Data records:
+ + + + + + +
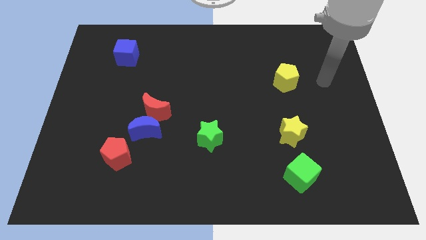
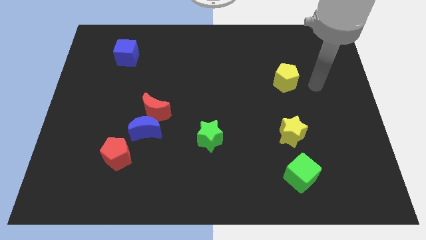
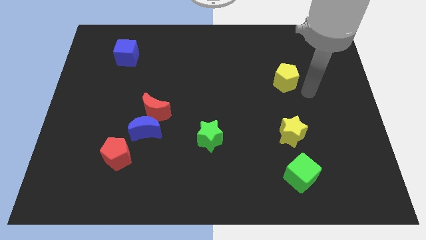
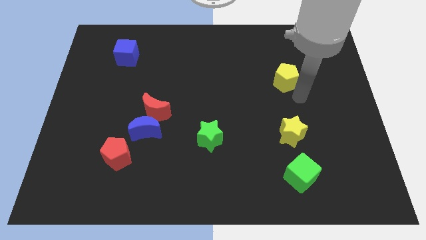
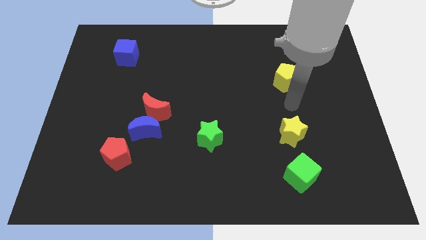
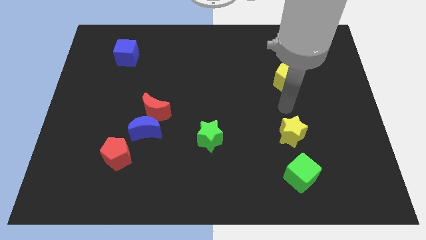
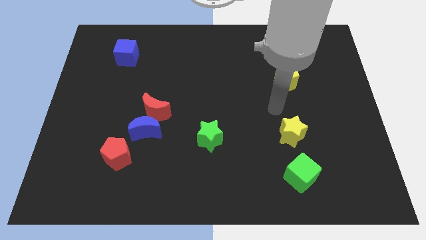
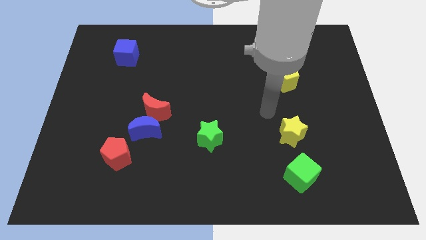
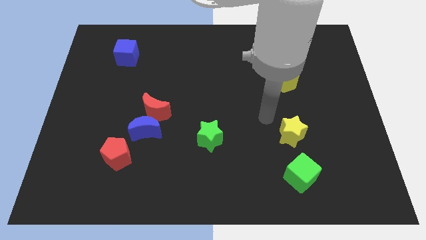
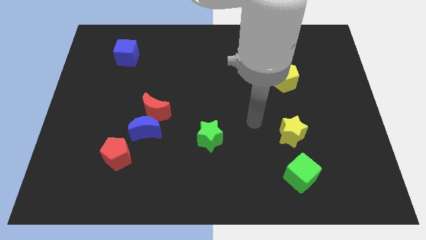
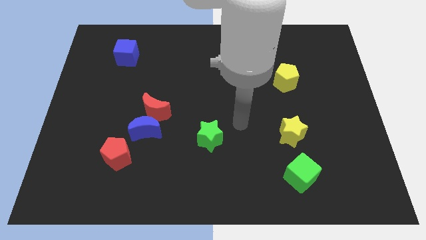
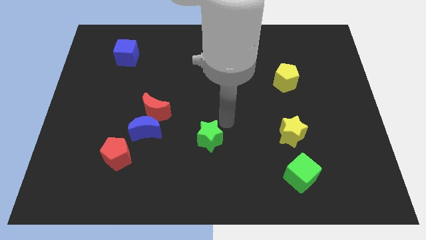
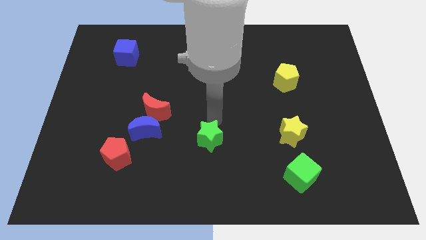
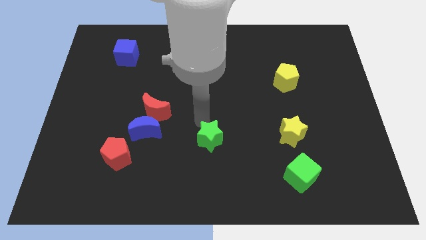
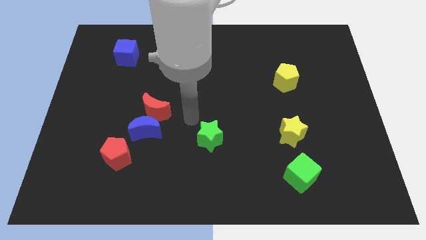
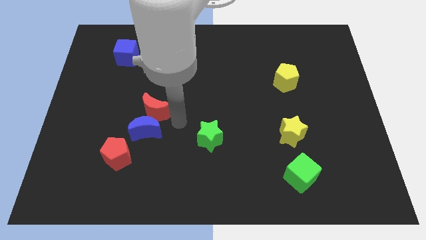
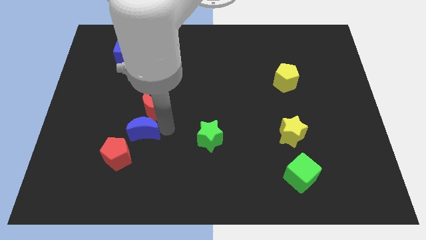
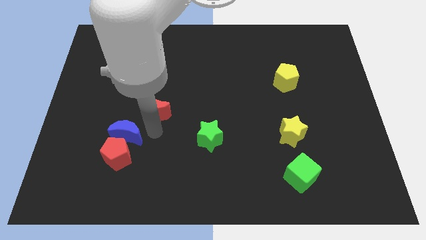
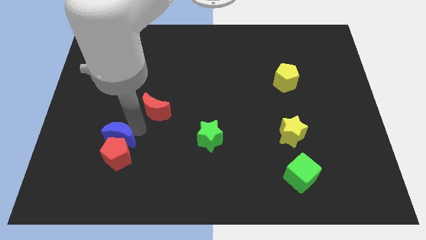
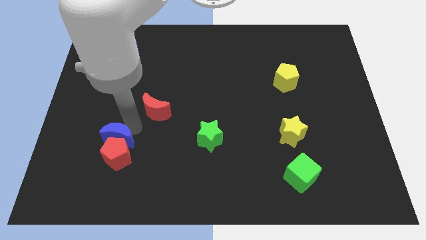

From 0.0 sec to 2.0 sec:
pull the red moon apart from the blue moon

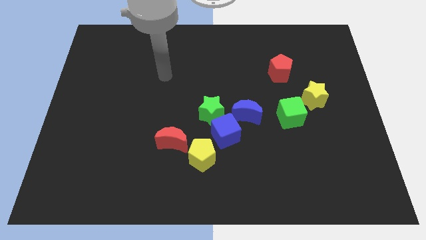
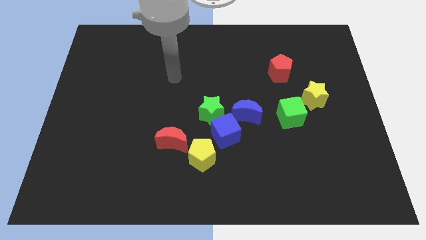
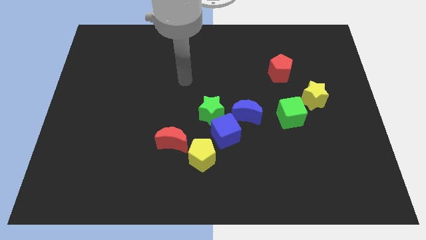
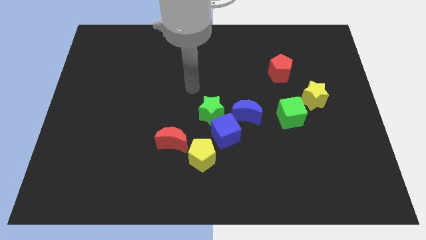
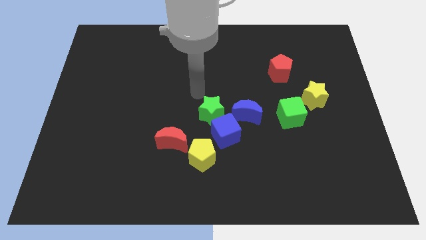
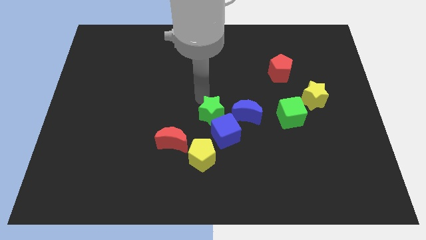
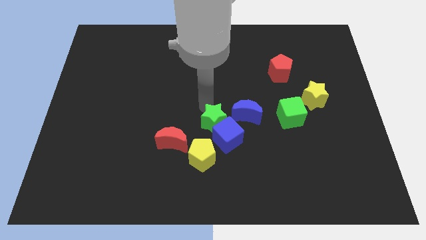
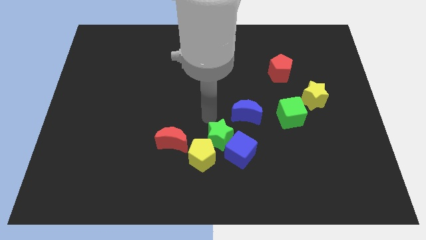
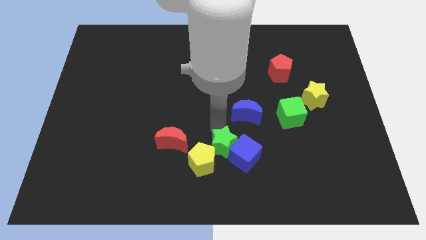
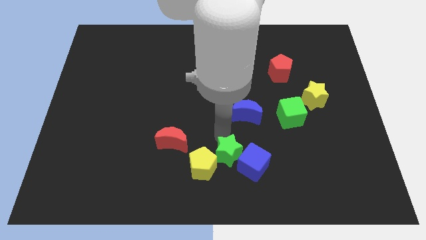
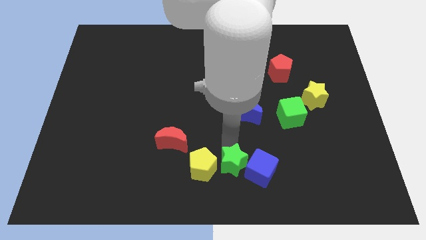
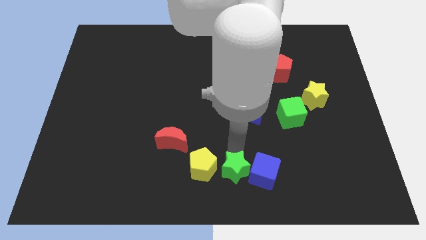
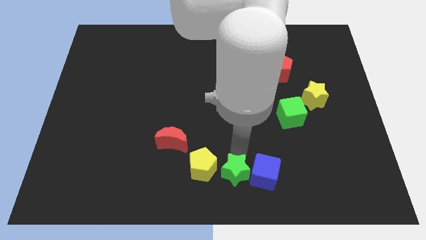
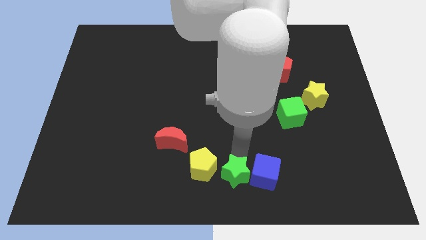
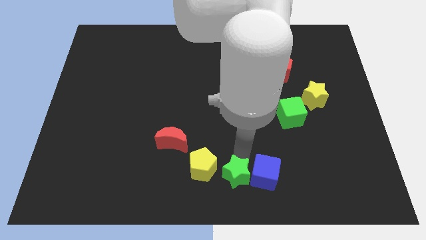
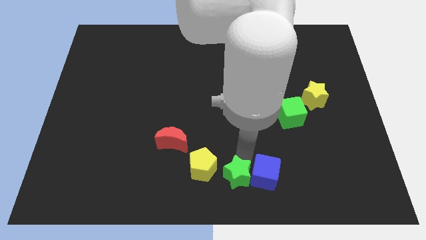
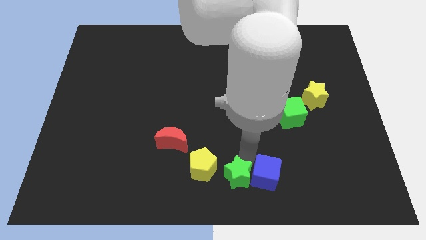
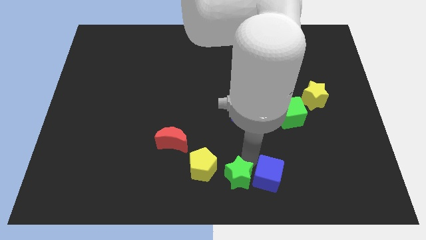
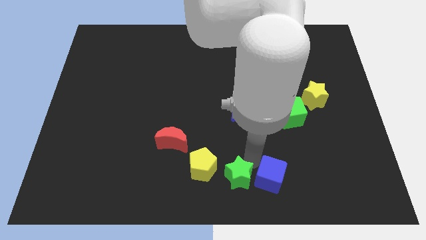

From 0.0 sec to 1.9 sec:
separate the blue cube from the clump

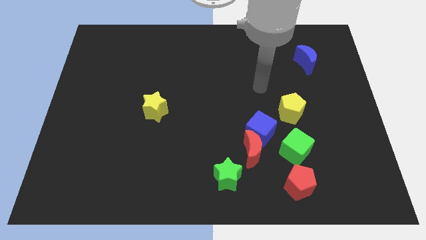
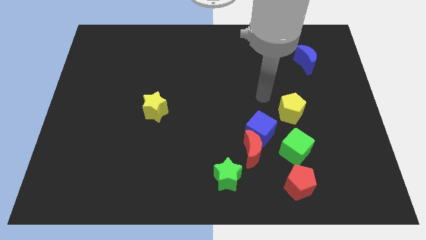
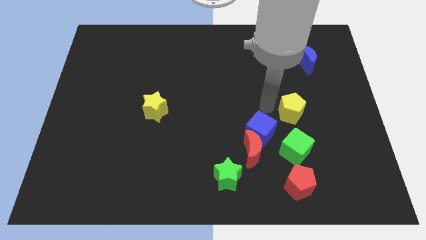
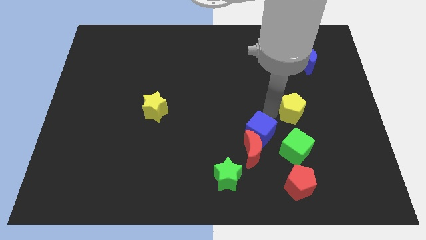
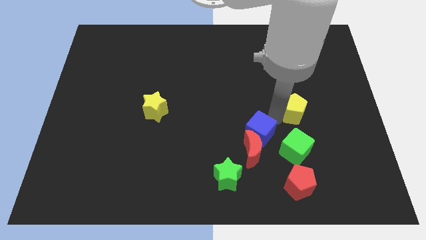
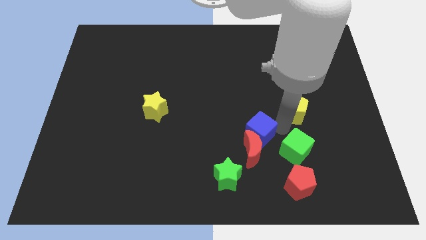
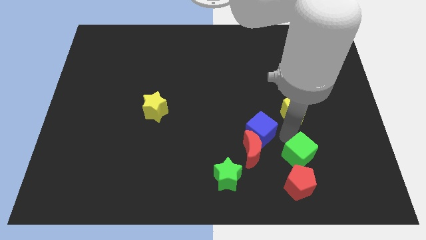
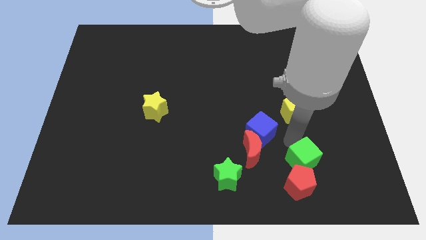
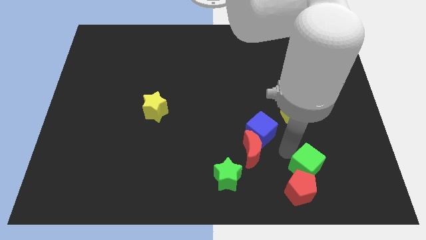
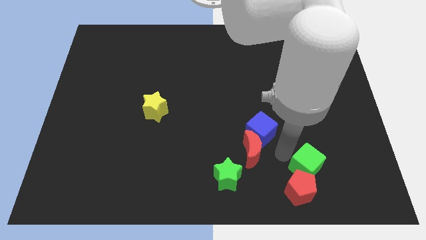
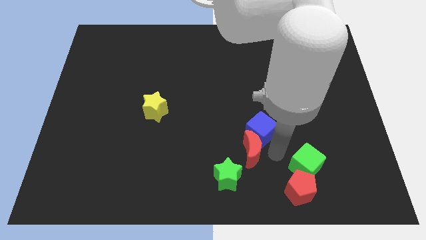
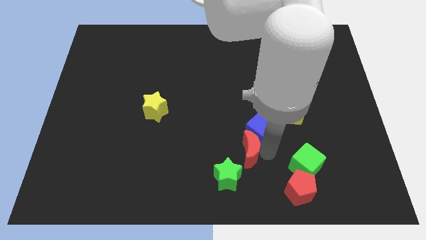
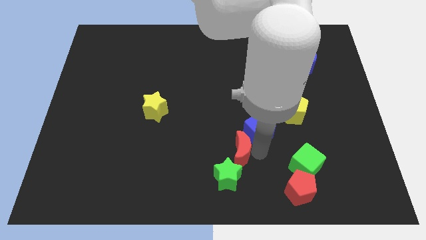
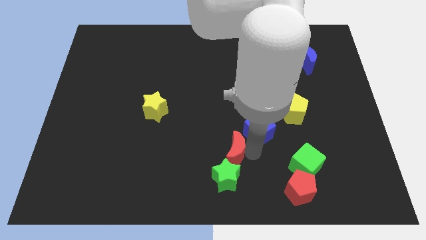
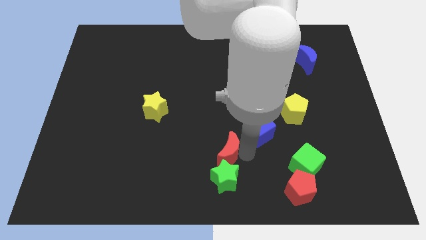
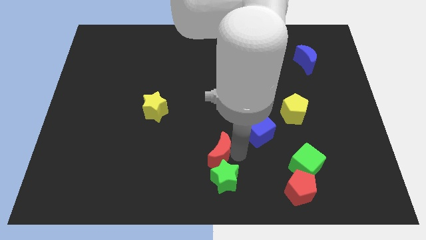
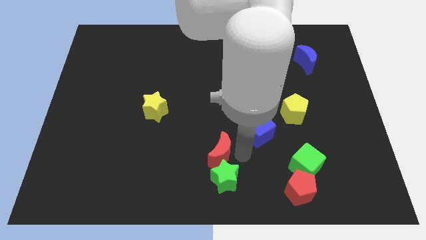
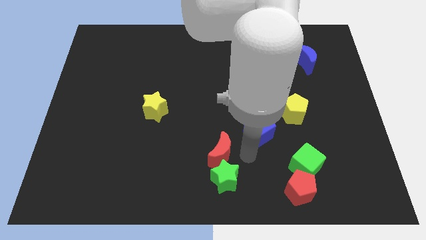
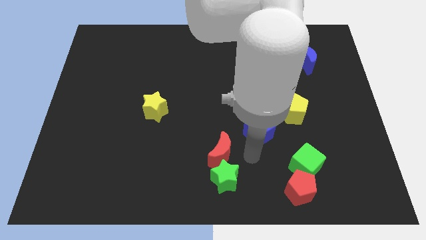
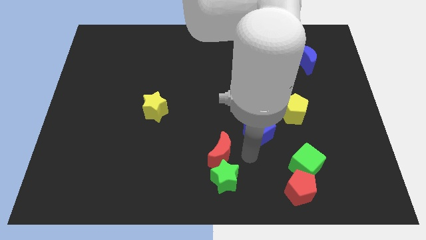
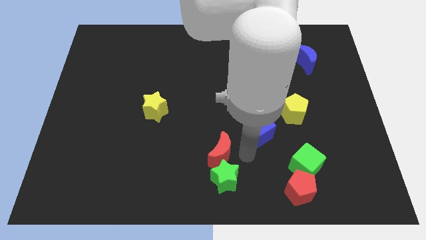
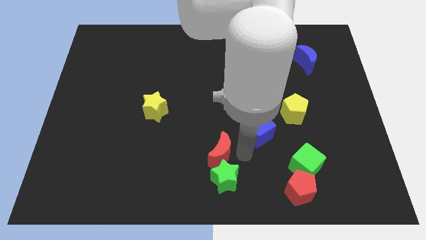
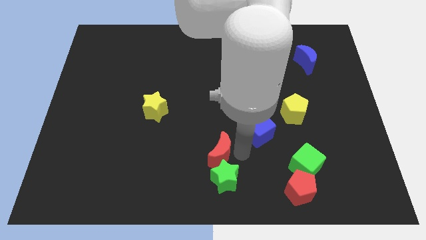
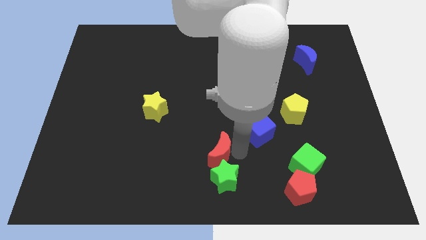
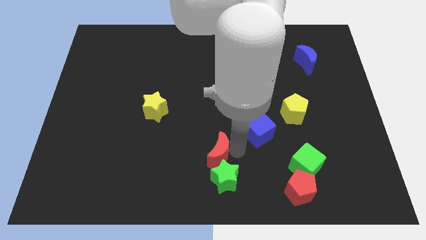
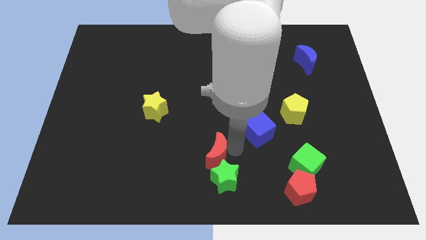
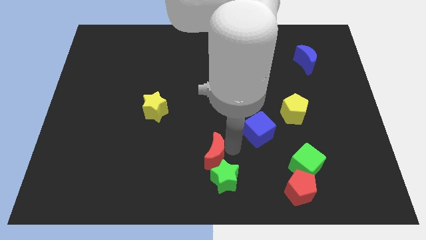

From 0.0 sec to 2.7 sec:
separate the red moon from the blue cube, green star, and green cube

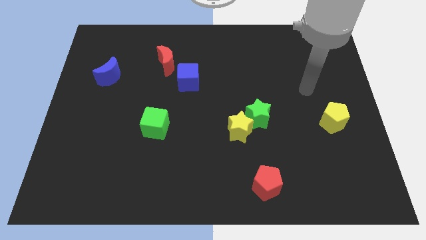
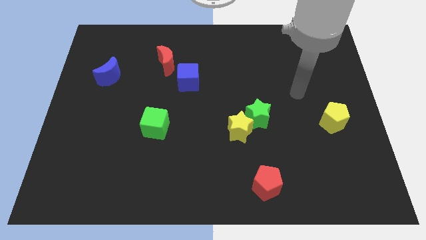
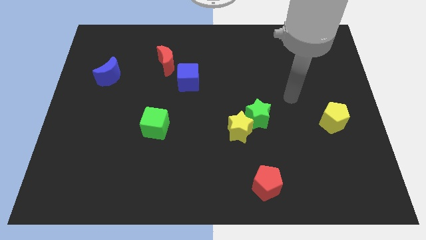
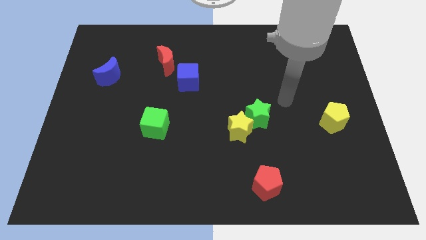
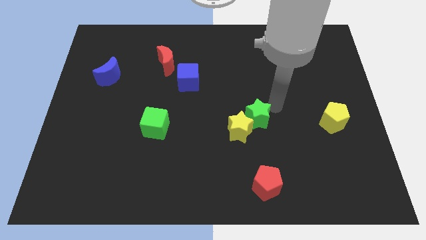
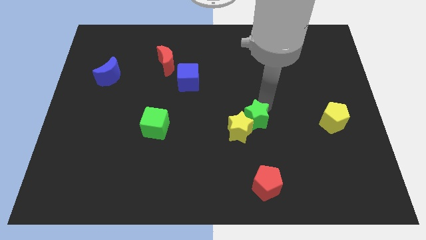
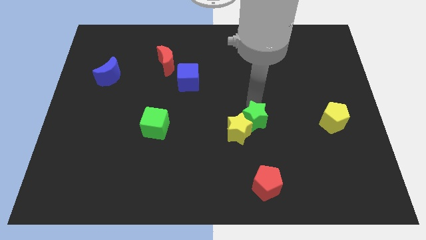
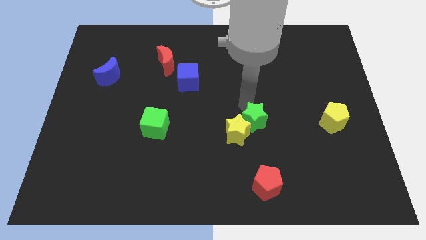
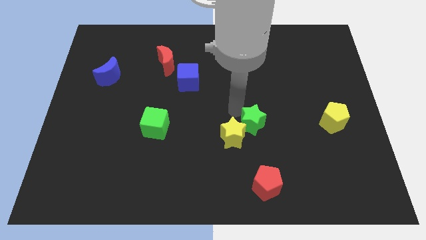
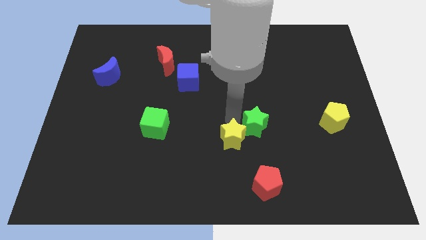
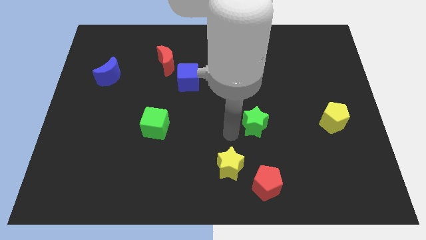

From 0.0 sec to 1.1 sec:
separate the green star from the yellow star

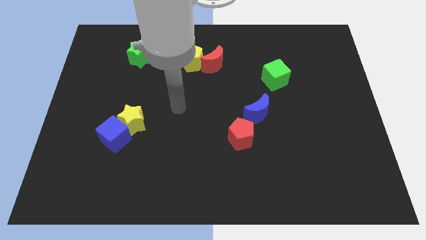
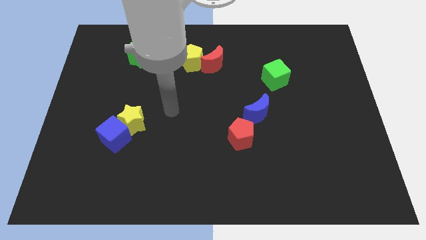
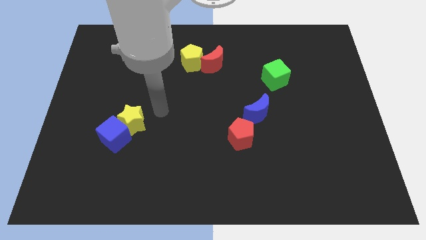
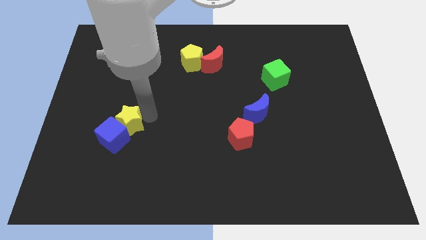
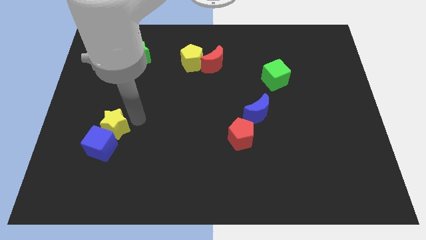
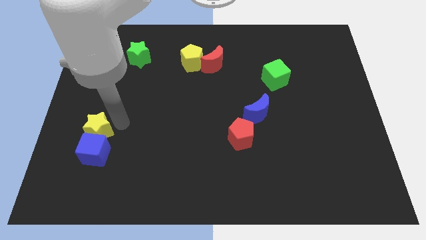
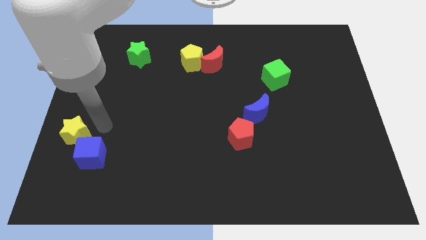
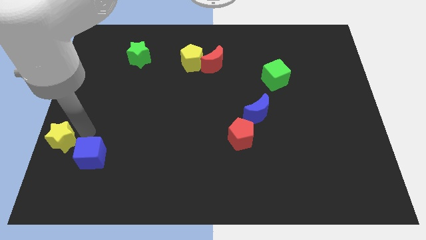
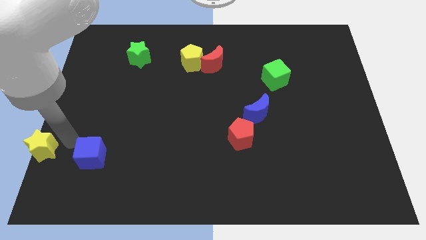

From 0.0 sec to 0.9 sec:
+ + + + + + +
> [YOUR ASSIGNMENT] The reply should reproduce every entry above word for word and contain no pictures.

> [RESPONSE BELOW]
From 0.0 sec to 2.0 sec:
pull the red moon apart from the blue moon


From 0.0 sec to 1.9 sec:
separate the blue cube from the clump


From 0.0 sec to 2.7 sec:
separate the red moon from the blue cube, green star, and green cube


From 0.0 sec to 1.1 sec:
separate the green star from the yellow star


From 0.0 sec to 0.9 sec:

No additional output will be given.